By Rebecca Rozelle-Stone
I wish to respond to the claims made about UND's Honors Program in a recent letter, "What's
Happening to UND Honors Program? (July 5)," submitted by Martin Rottler and signed by others. I appreciate the letter-writers' interest in the program and the opportunity to respond to the questions and provide some context.
Contrary to the letter's assertion that UND's Honors Program is undergoing a "demolition" analogous to that of the Robertson-Sayre building that housed the program for some years (although it was not Honors' original home), the Honors Program is actually poised for both expansion and heightened standards.

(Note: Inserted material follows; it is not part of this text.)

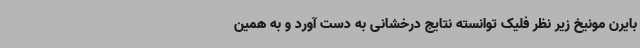
بایرن مونیخ زیر نظر فلیک توانسته نتایج درخشانی به دست آورد و به همین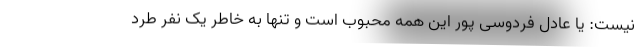
نیست: یا عادل فردوسی پور این همه محبوب است و تنها به خاطر یک نفر طرد

As the letter notes, the program is expecting one of the largest classes ever in fall 2018 - around 160 students (up about 23 percent from last year). At the same time, it is a priority for Honors and UND to ensure that a greater percentage of faculty teaching Honors students have the highest possible (terminal) degrees and extensive experience in their fields. A 2012 study undertaken by an Honors subcommittee at UND showed that in five years, only 50 percent of Honors courses were taught by instructors with terminal degrees in their disciplines.

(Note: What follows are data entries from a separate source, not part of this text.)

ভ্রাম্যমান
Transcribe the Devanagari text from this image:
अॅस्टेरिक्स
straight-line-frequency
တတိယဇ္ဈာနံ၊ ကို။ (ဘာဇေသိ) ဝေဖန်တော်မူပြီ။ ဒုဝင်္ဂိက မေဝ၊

To remedy this, we have recently expanded course offerings for students by soliciting top faculty/researchers from across the university to teach a wide range of courses. While these in-demand professors and courses might result in some slightly larger classes, we think it is better that UND's best talent is available to Honors students as part of their program.
Further, Honors is not cutting a Senior Honors Thesis requirement. Rather, this requirement has
been redesigned from a nine-credit, multi-semester expectation, which proved an obstacle to many students in majors with tight schedules and which was tantamount to a master's thesis
requirement, to a more feasible and flexible three-credit, one-semester capstone project that could involve a thesis, depending on the discipline.

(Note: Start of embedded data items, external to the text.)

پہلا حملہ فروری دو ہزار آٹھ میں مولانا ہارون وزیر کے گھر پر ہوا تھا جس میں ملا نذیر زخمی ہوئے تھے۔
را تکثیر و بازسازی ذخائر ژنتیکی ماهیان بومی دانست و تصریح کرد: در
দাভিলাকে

This change will allow our talented students to complete coursework for their demanding majors alongside Honors credentialing in a manner appropriate and reasonable for undergraduate research in their chosen fields.
Similarly, Honors advising and student organizations are not being eliminated. Moreover, the turnover in full-time faculty in the last year was due to resignations, not, as the letter states, elimination of faculty positions. It is not unusual for non-tenure track faculty to seek other career opportunities. It is not true that our instructional budget has decreased. Nor is it true that we have fewer dedicated faculty in Honors. We are actually hiring new faculty to teach Honors classes to replace those who resigned, in addition to having more established faculty already at UND lead classes for these exceptional students.
A survey of the courses being offered to Honors students for the coming year would reveal that we are as (or more) invested in teaching students how to think critically, humanely, and globally as before. It is noteworthy that a UND "Honors Attrition Report" released in 2014 showed that
only 16 percent of students entering the Honors Program stayed with the program until graduation.
Clearly, change has been needed to attract and retain students in Honors. One of the most exciting changes we've recently implemented is a dual-track Honors curriculum that allows
students to be an "Honors Research Scholar" or an "Honors Leader in Action." These options not only embed a greater diversity of courses and experiences like internships and community
service in the requirements, but also permit enhanced flexibility for students looking for
ways to distinguish themselves within the Honors Program.
We are pleased that UND has recently provided a 50 percent increase in tuition waiver funding to the Honors Program. We have a team of highly dedicated faculty who are finding ways to make their research relevant to the class of 2022 and who are eager to mentor and encourage the diverse aspirations of our current and incoming students. And like the newly remodeled, modern and beautiful space that has been created for Honors faculty and students in Columbia Hall, there is a vista full of promise and serious commitment in the program going forward.
Rebecca Rozelle-Stone, Ph.D., is interim director of the UND Honors Program and associate professor of philosophy.